▶ [Your objective] An exact transcript is required of the lines below, from the one containing "#1167=CIRCLE('',#5137,2.6);" through the very last; leave every picture out of it.

(Dataset entries)
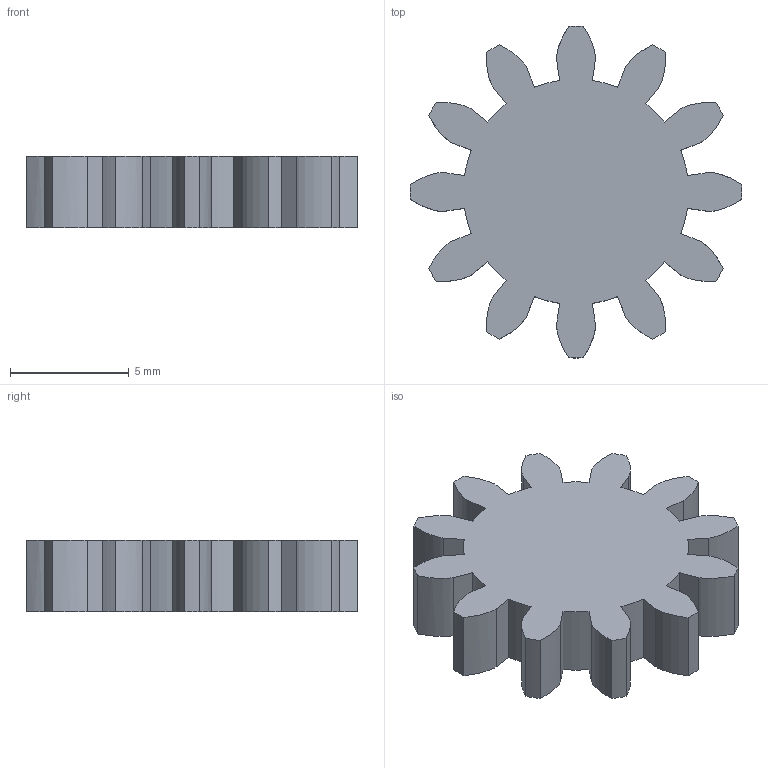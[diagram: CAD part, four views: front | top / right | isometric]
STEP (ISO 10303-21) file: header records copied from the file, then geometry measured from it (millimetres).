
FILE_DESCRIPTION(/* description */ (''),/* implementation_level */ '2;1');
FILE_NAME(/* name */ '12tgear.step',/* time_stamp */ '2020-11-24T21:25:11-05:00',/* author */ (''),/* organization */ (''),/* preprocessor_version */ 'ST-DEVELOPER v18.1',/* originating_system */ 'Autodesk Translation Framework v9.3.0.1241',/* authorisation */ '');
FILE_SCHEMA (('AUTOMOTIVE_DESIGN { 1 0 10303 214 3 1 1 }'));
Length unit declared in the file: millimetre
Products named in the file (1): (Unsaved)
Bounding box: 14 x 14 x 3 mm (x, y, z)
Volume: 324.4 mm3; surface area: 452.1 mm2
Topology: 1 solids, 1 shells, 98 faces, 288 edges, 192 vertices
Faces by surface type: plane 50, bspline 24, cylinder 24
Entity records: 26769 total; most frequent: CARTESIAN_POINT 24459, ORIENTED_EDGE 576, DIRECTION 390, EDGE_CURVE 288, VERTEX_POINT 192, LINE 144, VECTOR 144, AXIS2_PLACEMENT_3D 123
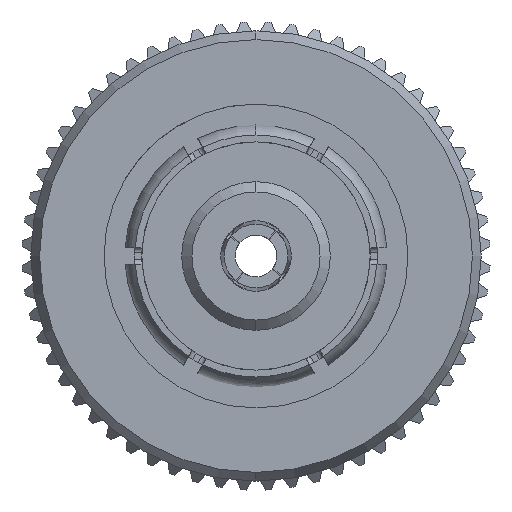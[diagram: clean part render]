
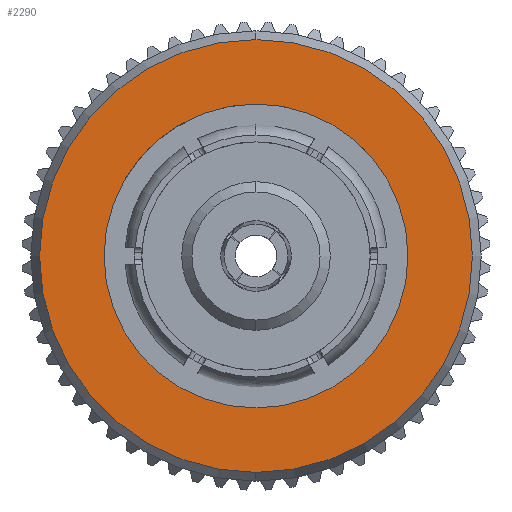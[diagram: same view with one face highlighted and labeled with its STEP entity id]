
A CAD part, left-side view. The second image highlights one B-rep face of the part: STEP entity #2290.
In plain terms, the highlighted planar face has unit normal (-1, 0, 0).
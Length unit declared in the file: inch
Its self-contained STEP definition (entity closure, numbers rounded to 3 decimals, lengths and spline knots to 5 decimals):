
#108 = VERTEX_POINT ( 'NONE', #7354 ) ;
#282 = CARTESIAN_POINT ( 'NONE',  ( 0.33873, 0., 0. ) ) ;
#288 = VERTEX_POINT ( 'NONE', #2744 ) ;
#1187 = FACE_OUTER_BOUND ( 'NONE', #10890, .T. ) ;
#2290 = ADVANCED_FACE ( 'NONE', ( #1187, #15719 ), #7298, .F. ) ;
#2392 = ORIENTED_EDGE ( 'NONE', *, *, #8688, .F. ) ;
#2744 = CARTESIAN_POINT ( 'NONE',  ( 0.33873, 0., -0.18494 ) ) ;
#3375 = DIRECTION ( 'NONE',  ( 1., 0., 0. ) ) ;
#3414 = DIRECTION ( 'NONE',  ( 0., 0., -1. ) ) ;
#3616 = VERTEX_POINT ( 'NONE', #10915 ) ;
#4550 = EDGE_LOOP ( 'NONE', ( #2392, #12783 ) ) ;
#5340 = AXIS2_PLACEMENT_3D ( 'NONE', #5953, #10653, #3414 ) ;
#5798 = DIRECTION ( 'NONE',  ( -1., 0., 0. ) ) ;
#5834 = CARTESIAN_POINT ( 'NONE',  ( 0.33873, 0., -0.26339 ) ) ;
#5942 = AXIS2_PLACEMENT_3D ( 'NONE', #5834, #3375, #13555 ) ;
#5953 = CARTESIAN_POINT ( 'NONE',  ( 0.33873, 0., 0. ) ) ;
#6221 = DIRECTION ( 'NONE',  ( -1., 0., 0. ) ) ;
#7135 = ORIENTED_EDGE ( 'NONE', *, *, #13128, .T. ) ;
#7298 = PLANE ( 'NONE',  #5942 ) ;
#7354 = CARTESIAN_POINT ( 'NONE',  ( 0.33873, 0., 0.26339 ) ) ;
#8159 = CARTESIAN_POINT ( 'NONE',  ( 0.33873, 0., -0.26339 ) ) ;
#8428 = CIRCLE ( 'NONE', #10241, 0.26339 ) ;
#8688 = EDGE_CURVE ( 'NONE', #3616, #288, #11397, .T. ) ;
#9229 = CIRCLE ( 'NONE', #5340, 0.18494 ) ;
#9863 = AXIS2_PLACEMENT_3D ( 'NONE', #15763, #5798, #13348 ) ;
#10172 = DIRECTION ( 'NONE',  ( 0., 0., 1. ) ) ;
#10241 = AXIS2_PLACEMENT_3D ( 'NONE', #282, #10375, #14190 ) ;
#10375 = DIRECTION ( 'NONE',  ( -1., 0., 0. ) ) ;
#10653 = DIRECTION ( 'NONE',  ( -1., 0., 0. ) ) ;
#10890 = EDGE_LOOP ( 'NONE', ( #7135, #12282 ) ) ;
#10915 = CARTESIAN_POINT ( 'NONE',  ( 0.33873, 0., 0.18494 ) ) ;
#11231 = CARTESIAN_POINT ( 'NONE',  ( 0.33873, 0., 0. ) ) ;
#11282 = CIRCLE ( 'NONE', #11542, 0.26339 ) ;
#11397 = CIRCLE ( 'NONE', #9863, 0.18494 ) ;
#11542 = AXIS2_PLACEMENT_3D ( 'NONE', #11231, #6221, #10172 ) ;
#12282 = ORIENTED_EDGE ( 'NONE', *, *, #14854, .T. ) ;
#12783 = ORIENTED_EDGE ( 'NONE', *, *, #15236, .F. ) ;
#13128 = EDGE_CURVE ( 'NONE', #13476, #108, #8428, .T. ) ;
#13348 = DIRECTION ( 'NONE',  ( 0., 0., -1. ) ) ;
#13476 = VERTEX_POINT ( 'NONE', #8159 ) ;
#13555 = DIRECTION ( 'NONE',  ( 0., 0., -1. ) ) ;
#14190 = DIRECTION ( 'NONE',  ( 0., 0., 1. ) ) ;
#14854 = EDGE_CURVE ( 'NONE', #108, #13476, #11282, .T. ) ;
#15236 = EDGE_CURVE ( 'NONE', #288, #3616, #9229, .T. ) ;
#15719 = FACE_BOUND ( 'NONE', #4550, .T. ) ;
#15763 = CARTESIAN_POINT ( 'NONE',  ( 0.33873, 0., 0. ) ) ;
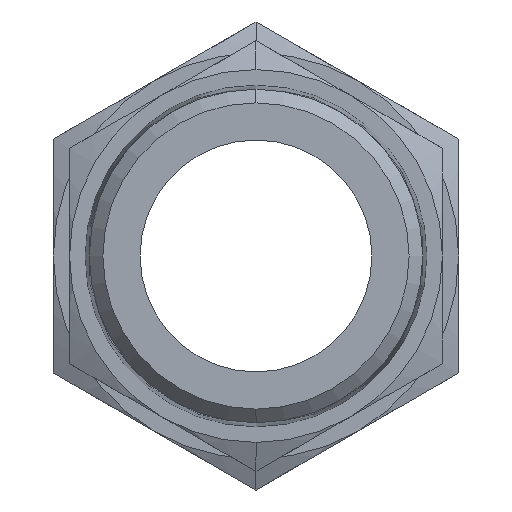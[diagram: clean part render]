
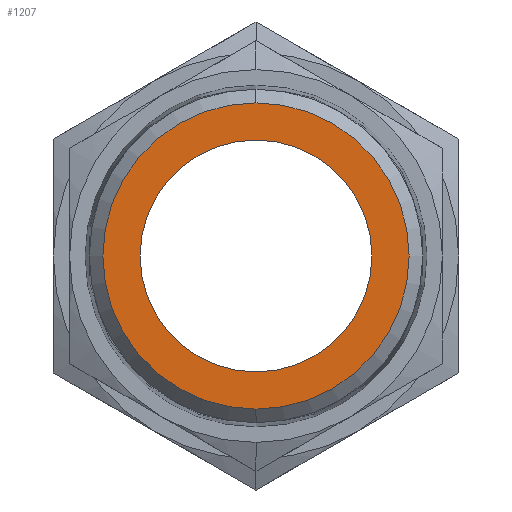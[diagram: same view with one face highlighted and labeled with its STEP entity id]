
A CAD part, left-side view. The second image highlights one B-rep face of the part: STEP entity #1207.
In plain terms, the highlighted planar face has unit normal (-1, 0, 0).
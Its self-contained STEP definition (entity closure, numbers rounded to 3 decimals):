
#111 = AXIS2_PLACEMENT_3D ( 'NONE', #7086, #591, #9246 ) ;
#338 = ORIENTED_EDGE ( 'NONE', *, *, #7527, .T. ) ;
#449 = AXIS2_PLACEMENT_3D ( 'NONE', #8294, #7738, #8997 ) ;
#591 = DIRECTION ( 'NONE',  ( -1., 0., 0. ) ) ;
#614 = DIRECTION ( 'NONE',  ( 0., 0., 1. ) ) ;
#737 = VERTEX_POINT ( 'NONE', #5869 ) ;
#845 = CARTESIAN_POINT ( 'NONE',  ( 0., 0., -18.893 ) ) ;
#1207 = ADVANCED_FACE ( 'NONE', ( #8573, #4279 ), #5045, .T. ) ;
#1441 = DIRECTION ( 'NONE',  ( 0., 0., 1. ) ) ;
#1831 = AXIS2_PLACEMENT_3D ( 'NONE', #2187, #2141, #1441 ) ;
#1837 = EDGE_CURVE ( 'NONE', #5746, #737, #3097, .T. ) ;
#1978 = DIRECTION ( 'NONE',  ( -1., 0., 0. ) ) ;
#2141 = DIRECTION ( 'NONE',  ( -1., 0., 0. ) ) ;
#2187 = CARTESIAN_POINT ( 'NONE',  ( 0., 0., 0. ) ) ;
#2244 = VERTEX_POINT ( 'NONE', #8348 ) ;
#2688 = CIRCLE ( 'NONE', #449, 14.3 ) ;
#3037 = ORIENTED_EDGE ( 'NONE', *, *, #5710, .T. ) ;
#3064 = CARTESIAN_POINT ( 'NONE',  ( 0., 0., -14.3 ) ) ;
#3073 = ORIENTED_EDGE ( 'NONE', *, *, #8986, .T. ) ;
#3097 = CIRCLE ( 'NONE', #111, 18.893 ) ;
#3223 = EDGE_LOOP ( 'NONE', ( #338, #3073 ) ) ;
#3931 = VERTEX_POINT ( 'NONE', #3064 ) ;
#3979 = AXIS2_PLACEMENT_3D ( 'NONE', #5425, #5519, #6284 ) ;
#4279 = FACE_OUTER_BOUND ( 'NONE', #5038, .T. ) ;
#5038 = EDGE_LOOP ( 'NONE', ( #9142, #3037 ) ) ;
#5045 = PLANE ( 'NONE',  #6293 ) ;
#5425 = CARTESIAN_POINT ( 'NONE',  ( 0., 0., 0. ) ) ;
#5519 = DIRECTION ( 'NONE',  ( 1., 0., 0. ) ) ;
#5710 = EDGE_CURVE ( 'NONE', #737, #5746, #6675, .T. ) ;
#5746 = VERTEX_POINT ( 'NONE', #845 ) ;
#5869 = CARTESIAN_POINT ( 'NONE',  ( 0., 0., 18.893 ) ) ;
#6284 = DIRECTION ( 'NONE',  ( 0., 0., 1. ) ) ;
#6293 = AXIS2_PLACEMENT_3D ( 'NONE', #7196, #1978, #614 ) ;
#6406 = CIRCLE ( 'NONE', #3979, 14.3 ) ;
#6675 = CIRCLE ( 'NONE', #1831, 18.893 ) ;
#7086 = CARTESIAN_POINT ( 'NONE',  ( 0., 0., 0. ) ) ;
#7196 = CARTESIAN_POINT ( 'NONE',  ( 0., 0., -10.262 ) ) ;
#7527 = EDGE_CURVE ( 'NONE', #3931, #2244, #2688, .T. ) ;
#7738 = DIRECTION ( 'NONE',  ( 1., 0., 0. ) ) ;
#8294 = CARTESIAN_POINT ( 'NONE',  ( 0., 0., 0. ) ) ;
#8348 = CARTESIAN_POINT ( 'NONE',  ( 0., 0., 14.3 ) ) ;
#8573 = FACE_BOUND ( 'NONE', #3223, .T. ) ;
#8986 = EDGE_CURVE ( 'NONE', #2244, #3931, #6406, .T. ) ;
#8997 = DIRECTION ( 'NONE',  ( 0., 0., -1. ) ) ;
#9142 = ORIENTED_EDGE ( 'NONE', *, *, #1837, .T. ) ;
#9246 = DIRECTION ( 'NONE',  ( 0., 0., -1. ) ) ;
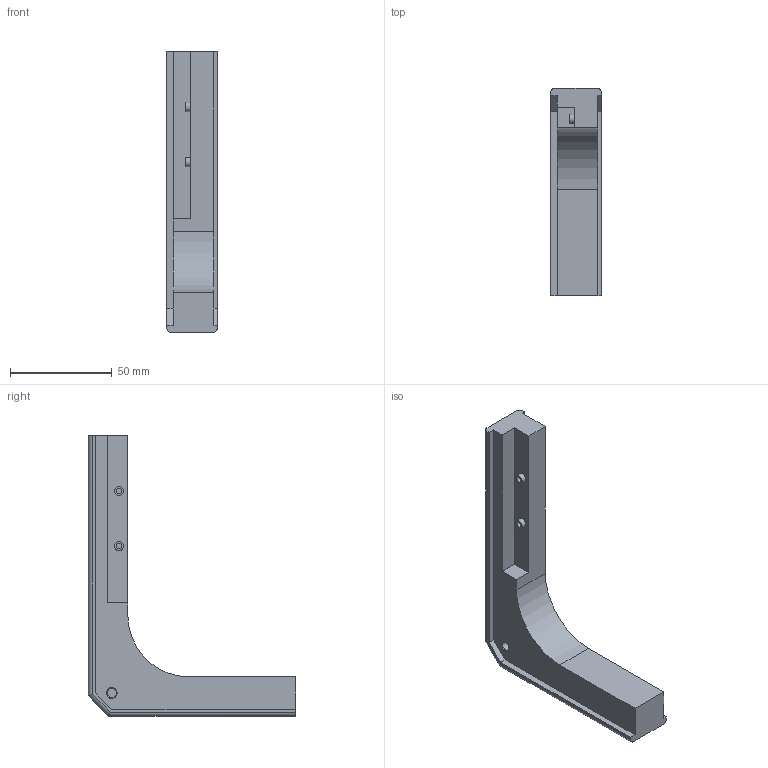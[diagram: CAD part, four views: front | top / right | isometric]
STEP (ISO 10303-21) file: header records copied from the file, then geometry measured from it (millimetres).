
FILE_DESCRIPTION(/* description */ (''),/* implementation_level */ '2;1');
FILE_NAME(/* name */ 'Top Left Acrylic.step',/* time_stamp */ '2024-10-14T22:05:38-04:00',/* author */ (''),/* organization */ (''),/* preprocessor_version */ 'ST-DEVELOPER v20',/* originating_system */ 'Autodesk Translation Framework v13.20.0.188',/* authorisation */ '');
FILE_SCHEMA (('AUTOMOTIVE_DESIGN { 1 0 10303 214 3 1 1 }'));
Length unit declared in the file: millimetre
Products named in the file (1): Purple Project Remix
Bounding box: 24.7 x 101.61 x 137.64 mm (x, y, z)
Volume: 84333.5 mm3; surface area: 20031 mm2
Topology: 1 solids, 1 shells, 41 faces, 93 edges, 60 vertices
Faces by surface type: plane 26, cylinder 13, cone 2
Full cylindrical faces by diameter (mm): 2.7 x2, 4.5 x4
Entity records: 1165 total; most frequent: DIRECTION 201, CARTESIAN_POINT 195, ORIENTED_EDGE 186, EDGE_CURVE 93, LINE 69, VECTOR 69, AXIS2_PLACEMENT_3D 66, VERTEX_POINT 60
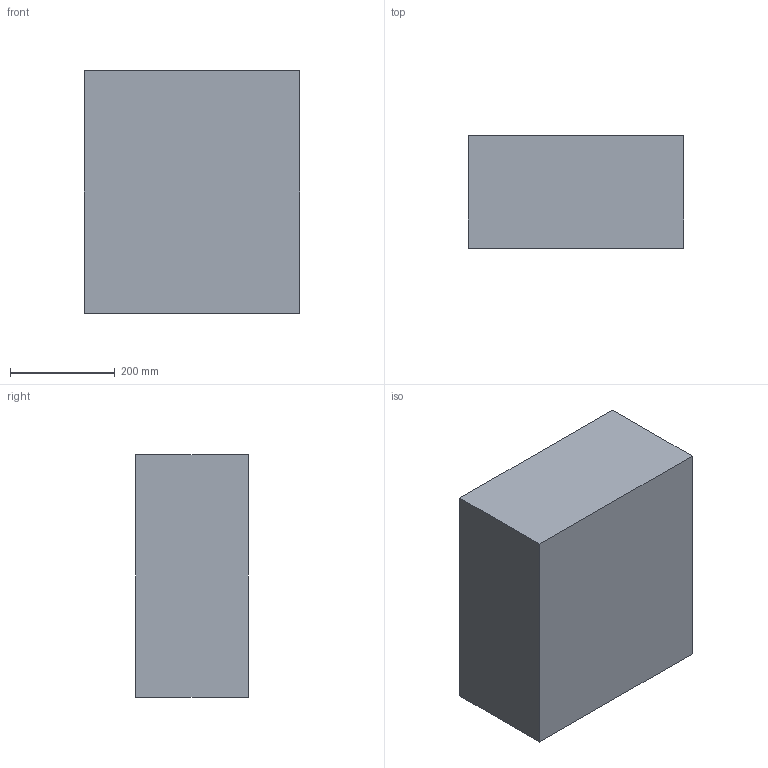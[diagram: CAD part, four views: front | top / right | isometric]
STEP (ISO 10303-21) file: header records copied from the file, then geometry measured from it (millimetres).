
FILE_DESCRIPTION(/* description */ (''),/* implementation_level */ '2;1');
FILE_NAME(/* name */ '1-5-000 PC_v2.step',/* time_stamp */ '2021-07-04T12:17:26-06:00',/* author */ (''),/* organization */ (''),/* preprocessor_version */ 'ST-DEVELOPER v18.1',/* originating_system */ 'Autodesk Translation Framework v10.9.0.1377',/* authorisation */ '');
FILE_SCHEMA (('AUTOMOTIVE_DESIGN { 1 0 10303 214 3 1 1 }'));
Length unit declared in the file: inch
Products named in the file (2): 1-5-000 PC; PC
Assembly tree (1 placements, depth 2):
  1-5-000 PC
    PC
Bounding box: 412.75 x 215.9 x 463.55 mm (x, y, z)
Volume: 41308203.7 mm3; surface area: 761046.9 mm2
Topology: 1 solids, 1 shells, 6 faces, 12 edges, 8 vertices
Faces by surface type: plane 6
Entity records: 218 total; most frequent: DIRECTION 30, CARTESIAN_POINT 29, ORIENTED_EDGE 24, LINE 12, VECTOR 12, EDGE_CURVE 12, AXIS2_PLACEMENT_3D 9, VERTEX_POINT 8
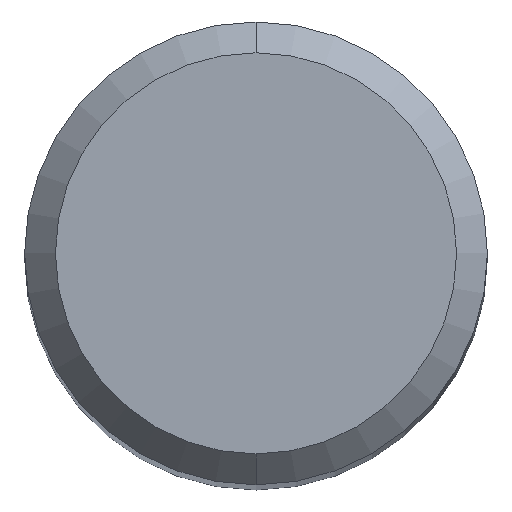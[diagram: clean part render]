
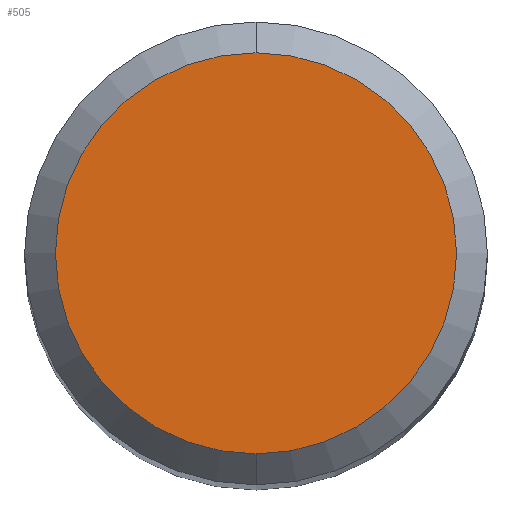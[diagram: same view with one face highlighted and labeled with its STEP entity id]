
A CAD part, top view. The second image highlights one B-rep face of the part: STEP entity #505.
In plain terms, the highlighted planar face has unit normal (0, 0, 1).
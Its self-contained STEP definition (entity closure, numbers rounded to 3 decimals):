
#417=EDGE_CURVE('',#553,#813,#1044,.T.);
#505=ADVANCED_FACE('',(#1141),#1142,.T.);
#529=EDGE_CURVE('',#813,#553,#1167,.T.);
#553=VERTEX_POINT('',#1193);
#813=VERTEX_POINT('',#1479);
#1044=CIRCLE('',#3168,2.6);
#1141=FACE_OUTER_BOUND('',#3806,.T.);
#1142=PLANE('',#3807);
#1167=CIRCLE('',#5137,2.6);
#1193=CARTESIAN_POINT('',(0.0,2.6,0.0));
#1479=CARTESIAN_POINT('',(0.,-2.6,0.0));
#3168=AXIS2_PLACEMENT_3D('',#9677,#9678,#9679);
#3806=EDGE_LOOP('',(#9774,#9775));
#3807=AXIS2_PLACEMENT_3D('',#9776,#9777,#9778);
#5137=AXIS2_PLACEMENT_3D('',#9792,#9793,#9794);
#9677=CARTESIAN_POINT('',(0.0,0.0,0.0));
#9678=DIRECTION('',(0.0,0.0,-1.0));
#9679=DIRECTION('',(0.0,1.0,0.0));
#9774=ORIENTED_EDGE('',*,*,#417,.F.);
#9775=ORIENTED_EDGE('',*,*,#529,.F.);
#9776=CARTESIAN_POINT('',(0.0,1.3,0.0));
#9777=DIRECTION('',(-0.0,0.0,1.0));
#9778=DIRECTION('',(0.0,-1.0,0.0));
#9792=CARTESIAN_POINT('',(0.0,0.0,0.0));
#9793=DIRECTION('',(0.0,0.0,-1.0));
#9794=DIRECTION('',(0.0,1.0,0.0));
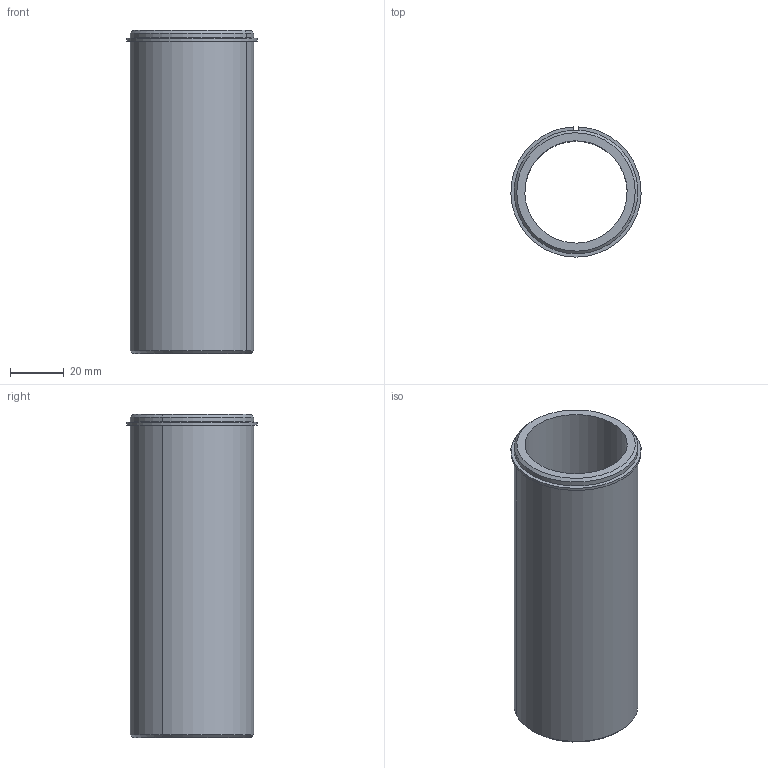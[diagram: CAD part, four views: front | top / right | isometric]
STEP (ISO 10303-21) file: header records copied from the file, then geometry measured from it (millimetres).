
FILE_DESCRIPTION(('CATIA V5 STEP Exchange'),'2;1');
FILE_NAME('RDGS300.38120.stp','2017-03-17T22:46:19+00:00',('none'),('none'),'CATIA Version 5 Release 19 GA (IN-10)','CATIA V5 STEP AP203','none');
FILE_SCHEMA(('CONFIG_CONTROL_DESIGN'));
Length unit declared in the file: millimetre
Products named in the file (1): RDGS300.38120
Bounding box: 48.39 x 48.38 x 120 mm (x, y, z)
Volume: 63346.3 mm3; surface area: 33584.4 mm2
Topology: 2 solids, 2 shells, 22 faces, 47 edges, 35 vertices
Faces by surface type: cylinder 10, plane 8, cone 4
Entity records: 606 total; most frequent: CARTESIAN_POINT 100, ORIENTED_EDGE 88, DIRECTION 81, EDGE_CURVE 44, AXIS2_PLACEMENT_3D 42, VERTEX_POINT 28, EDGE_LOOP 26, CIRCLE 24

▶ [Answer to this task]
#1167=CIRCLE('',#5137,2.6);
#1193=CARTESIAN_POINT('',(0.0,2.6,0.0));
#1479=CARTESIAN_POINT('',(0.,-2.6,0.0));
#3168=AXIS2_PLACEMENT_3D('',#9677,#9678,#9679);
#3806=EDGE_LOOP('',(#9774,#9775));
#3807=AXIS2_PLACEMENT_3D('',#9776,#9777,#9778);
#5137=AXIS2_PLACEMENT_3D('',#9792,#9793,#9794);
#9677=CARTESIAN_POINT('',(0.0,0.0,0.0));
#9678=DIRECTION('',(0.0,0.0,-1.0));
#9679=DIRECTION('',(0.0,1.0,0.0));
#9774=ORIENTED_EDGE('',*,*,#417,.F.);
#9775=ORIENTED_EDGE('',*,*,#529,.F.);
#9776=CARTESIAN_POINT('',(0.0,1.3,0.0));
#9777=DIRECTION('',(-0.0,0.0,1.0));
#9778=DIRECTION('',(0.0,-1.0,0.0));
#9792=CARTESIAN_POINT('',(0.0,0.0,0.0));
#9793=DIRECTION('',(0.0,0.0,-1.0));
#9794=DIRECTION('',(0.0,1.0,0.0));
[diagram: CAD part, four views: front | top / right | isometric]
STEP (ISO 10303-21) file: header records copied from the file, then geometry measured from it (millimetres).
FILE_DESCRIPTION(('CATIA V5 STEP Exchange'),'2;1');
FILE_NAME('RDGS300.38120.stp','2017-03-17T22:46:19+00:00',('none'),('none'),'CATIA Version 5 Release 19 GA (IN-10)','CATIA V5 STEP AP203','none');
FILE_SCHEMA(('CONFIG_CONTROL_DESIGN'));
Length unit declared in the file: millimetre
Products named in the file (1): RDGS300.38120
Bounding box: 48.39 x 48.38 x 120 mm (x, y, z)
Volume: 63346.3 mm3; surface area: 33584.4 mm2
Topology: 2 solids, 2 shells, 22 faces, 47 edges, 35 vertices
Faces by surface type: cylinder 10, plane 8, cone 4
Entity records: 606 total; most frequent: CARTESIAN_POINT 100, ORIENTED_EDGE 88, DIRECTION 81, EDGE_CURVE 44, AXIS2_PLACEMENT_3D 42, VERTEX_POINT 28, EDGE_LOOP 26, CIRCLE 24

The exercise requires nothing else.